Anniversaries Comic History Comic Strips

Wayback Whensday: Doonesbury, Fluffly Ruffles, and Krazy Kat

The Fluffy Ruffles Story

the first Fluffy Ruffles, verse by Carolyn Wells and sketches by Wallace Morgan – February 3, 1907
the Fluffy Ruffles story, Toronto Star -January 9, 1909

The job-hunting, resourceful, and decidedly independent heroine became a national sensation shortly after her Feb. 3  premiere in the New York Herald. Fluffy was a pioneering woman in the workplace battling a reversal in fortune by making weekly tries as a journalist, florist, schoolteacher, dairy maid, waitress and more. The full page Sunday story was conceived and told in comic verse by a professional woman of note herself, the children’s and mystery writer Carolyn Wells. Herald illustrator Wallace Morgan dramatized the tale in vignettes that seemed to channel Charles Dana Gibson’s genteel magazine style. The series ran until early 1909 and quickly a multimedia juggernaut. The early episodes of her job-seeking stage were reprinted in book form before 1907 ended. Within six months of the launch The Herald started contests to find real-life Fluffy Ruffles that migrated to partner newspapers around the country. Paper dolls, chocolates, sheet music, branded hats and suits, even cigars, soon carried the Fluffy Ruffles brand. A 1908 Broadway musical production would travel the country until at least 1910, a year after the strip itself had ended.

Steve Smith at Panels and Prose says:

The absence of the Fluffy Ruffles craze of 1907-1908 in standard comics histories is a major miss and hard to fathom. Wells and Morgan’s serial is one of the clearest examples of the complex ways that newspaper strips shaped an emerging ecosystem of mass media, modern taste-making, merchandising and even pop sociology from early in newspaper comics history.

Steve Smith corrects that comics history slight with “The Forgotten Cartoon Feminist of 1907.”

Fluffy Ruffles by Wallace Morgan – January 3, 1909 (the last page)
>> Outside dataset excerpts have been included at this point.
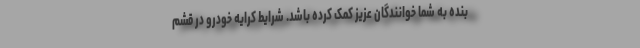
بنده به شما خوانندگان عزیز کمک کرده باشد. شرایط کرایه خودرو در قشم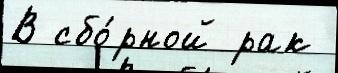
В сбо́рной рак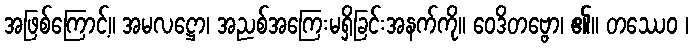
အဖြစ်ကြောင့်။ အမလဋ္ဌော၊ အညစ်အကြေးမရှိခြင်းအနက်ကို။ ဝေဒိတဗ္ဗော၊ ၏။ တဿေဝ ၊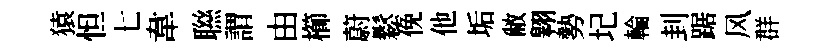
猿怛七韋聮謂由櫛蔚鬆俛他垢敝翱勢圮輪刲踞风群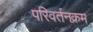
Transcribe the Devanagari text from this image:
परिवर्तनक्रम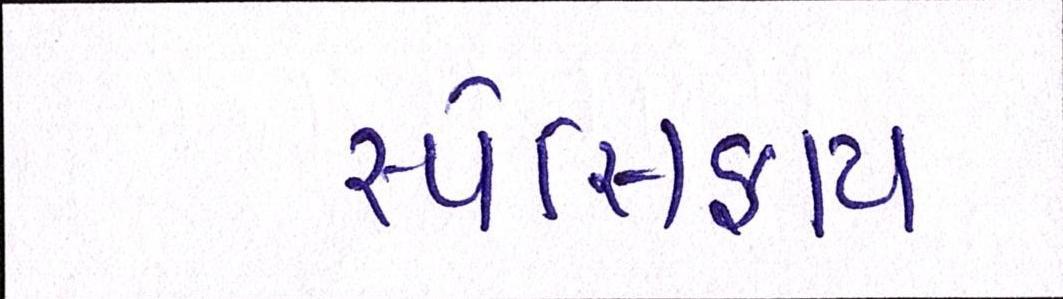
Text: સ્પેસિફાય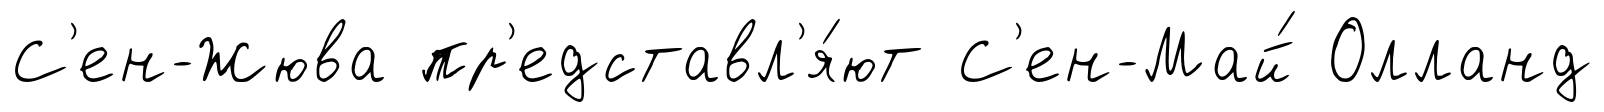
С'ен-Жюва пр'едставл'я́ют С'ен-Май́ Олланд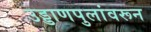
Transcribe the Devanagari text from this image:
उड्डाणपुलांवरून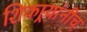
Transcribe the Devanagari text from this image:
शिकार्‍यांनीच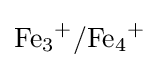
{\mathrm {Fe} {\vphantom {A}}_{\smash[{t}]{3}}{\vphantom {A}}^{+}/\mathrm {Fe} {\vphantom {A}}_{\smash[{t}]{4}}{\vphantom {A}}^{+}}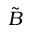
\tilde { B }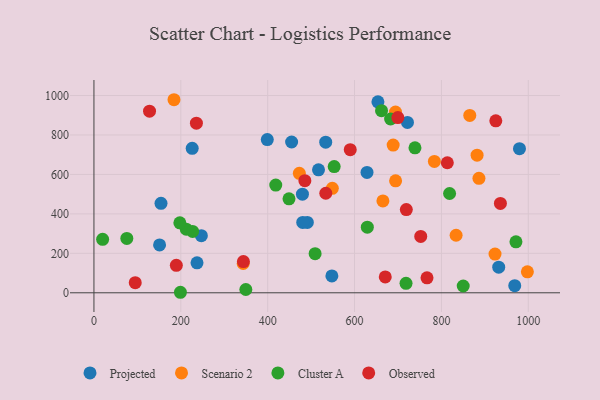
{"axis": {"x": "Study Hours", "y": "Profit"}, "legend": ["Cluster A", "Observed", "Projected", "Scenario 2"], "data": [{"x": "653.8", "y": 967.9, "type": "Projected"}, {"x": "455.1", "y": 764.5, "type": "Projected"}, {"x": "491.3", "y": 356.5, "type": "Projected"}, {"x": "517.0", "y": 623.3, "type": "Projected"}, {"x": "931.9", "y": 129.8, "type": "Projected"}, {"x": "226.2", "y": 732.1, "type": "Projected"}, {"x": "247.3", "y": 289.3, "type": "Projected"}, {"x": "968.8", "y": 36.3, "type": "Projected"}, {"x": "480.0", "y": 500.0, "type": "Projected"}, {"x": "154.4", "y": 453.6, "type": "Projected"}, {"x": "237.3", "y": 151.9, "type": "Projected"}, {"x": "151.1", "y": 242.7, "type": "Projected"}, {"x": "721.8", "y": 863.7, "type": "Projected"}, {"x": "533.6", "y": 763.4, "type": "Projected"}, {"x": "547.8", "y": 85.6, "type": "Projected"}, {"x": "399.1", "y": 776.5, "type": "Projected"}, {"x": "628.7", "y": 610.4, "type": "Projected"}, {"x": "979.7", "y": 730.4, "type": "Projected"}, {"x": "480.7", "y": 356.6, "type": "Projected"}, {"x": "548.8", "y": 529.5, "type": "Scenario 2"}, {"x": "783.8", "y": 665.9, "type": "Scenario 2"}, {"x": "694.3", "y": 916.5, "type": "Scenario 2"}, {"x": "886.4", "y": 580.3, "type": "Scenario 2"}, {"x": "833.8", "y": 291.6, "type": "Scenario 2"}, {"x": "472.9", "y": 605.5, "type": "Scenario 2"}, {"x": "923.4", "y": 196.0, "type": "Scenario 2"}, {"x": "665.3", "y": 465.6, "type": "Scenario 2"}, {"x": "694.5", "y": 567.6, "type": "Scenario 2"}, {"x": "184.3", "y": 978.7, "type": "Scenario 2"}, {"x": "865.3", "y": 898.9, "type": "Scenario 2"}, {"x": "882.1", "y": 697.4, "type": "Scenario 2"}, {"x": "688.9", "y": 748.7, "type": "Scenario 2"}, {"x": "997.9", "y": 106.2, "type": "Scenario 2"}, {"x": "343.6", "y": 148.4, "type": "Scenario 2"}, {"x": "850.2", "y": 34.3, "type": "Cluster A"}, {"x": "739.1", "y": 735.1, "type": "Cluster A"}, {"x": "662.1", "y": 923.1, "type": "Cluster A"}, {"x": "212.6", "y": 322.4, "type": "Cluster A"}, {"x": "199.1", "y": 2.6, "type": "Cluster A"}, {"x": "629.4", "y": 332.7, "type": "Cluster A"}, {"x": "449.1", "y": 476.3, "type": "Cluster A"}, {"x": "718.5", "y": 47.9, "type": "Cluster A"}, {"x": "197.8", "y": 354.6, "type": "Cluster A"}, {"x": "818.8", "y": 503.3, "type": "Cluster A"}, {"x": "227.2", "y": 311.0, "type": "Cluster A"}, {"x": "509.2", "y": 198.4, "type": "Cluster A"}, {"x": "418.6", "y": 545.9, "type": "Cluster A"}, {"x": "683.0", "y": 880.9, "type": "Cluster A"}, {"x": "971.6", "y": 258.4, "type": "Cluster A"}, {"x": "20.0", "y": 271.0, "type": "Cluster A"}, {"x": "349.7", "y": 16.7, "type": "Cluster A"}, {"x": "553.1", "y": 639.7, "type": "Cluster A"}, {"x": "75.7", "y": 275.6, "type": "Cluster A"}, {"x": "95.1", "y": 51.1, "type": "Observed"}, {"x": "925.2", "y": 871.5, "type": "Observed"}, {"x": "766.8", "y": 75.7, "type": "Observed"}, {"x": "670.7", "y": 80.5, "type": "Observed"}, {"x": "485.6", "y": 568.3, "type": "Observed"}, {"x": "752.4", "y": 285.8, "type": "Observed"}, {"x": "590.1", "y": 725.4, "type": "Observed"}, {"x": "699.7", "y": 888.3, "type": "Observed"}, {"x": "533.8", "y": 504.7, "type": "Observed"}, {"x": "189.7", "y": 139.4, "type": "Observed"}, {"x": "128.0", "y": 920.9, "type": "Observed"}, {"x": "719.2", "y": 421.9, "type": "Observed"}, {"x": "344.1", "y": 158.4, "type": "Observed"}, {"x": "235.9", "y": 859.6, "type": "Observed"}, {"x": "935.8", "y": 452.8, "type": "Observed"}, {"x": "813.6", "y": 659.1, "type": "Observed"}]}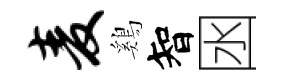
麦鷄智囦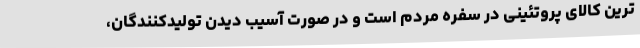
ترین کالای پروتئینی در سفره مردم است و در صورت آسیب دیدن تولیدکنندگان،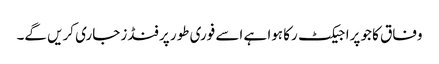
وفاق کا جو پراجیکٹ رکا ہوا ہے اسے فوری طور پر فنڈز جاری کریں گے۔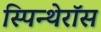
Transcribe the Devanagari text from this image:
स्पिन्थेरॉस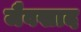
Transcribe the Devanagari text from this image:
जैवखाद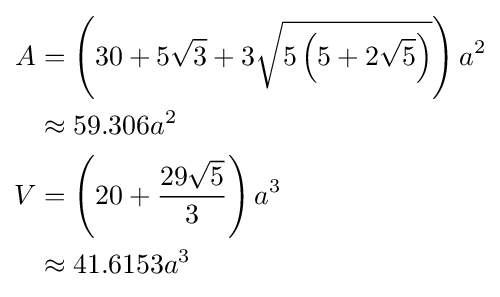
{\begin{aligned}A&=\left(30+5{\sqrt {3}}+3{\sqrt {5\left(5+2{\sqrt {5}}\right)}}\right)a^{2}\\&\approx 59.306a^{2}\\V&=\left(20+{\frac {29{\sqrt {5}}}{3}}\right)a^{3}\\&\approx 41.6153a^{3}\end{aligned}}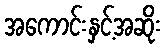
အကောင်းနှင့်အဆိုး
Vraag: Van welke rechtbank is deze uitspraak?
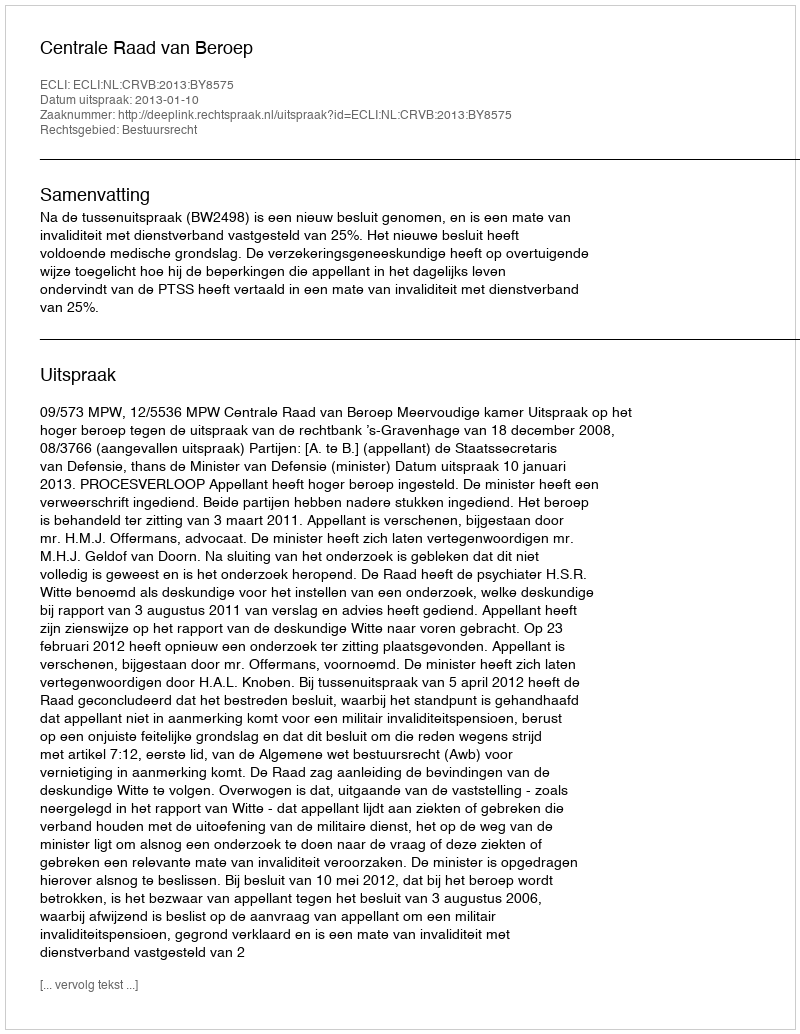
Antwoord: Centrale Raad van Beroep

Origins of Trudeau’s ‘Doonesbury’

B.D, Mike, and Mark from Doonesbury by G. B. Trudeau

“Doonesbury” — adapted from a comic strip that started out in the Yale Daily News — was launched in 26 newspapers across the country on Oct. 26, 1970 — 55 years ago today.

Charles Apple for The Spokane Spokesman-Review details the first decade of the Doonesbury comic strip in “The Doones From Yale.”

Fall 1966

Garry Trudeau, age 18, starts college at Yale University and begins drawing a comic strip…

November 1967

Trudeau draws two illustrations for the Yale Daily News to run with a story…

Sept. 30, 1968

Trudeau begins drawing a comic strip for the Yale Daily News based on the Yale football team and its captain, Brian Dowling. Trudeau calls the strip “Bull Tales” in honor of the school mascot, the Bulldogs…

Nov. 28, 1968

The Universal Press Syndicate sends Trudeau a letter telling him they’ve seen his “Bull Tales” strip and asks if he’d be interested in a syndication deal…

Spokane Spokesman-Review – October 26, 2025

The First “Krazy Kat” Comic Strip – Not Available

John Freeman at downthetubes gives us a rundown of the early appearances of George Herriman’s Krazy Kat in “First Appearances” since the anniversary of the strip’s was October 28, 1913 (the characters of Krazy and Ignatz debuted on July 26, 1910).

“Krazy Kat” debuted as an independent strip on the daily comics page on 28th October 1913 – and the rest is comics history. It’s a strip noted for its poetic, dialect-heavy dialogue, fantastic, shifting backgrounds; and its bold, experimental page layouts. In the strip’s main motif, Ignatz Mouse pelted Krazy with bricks, which the naïve, androgynous Kat interpreted as symbols of love.

And here is that first “Krazy Kat” comic strip of October 28, 1913:

= = = = = = = = = = = = = = = = = = = = = =

Well, no it isn’t here. It doesn’t seem to be anywhere, at least on the internet.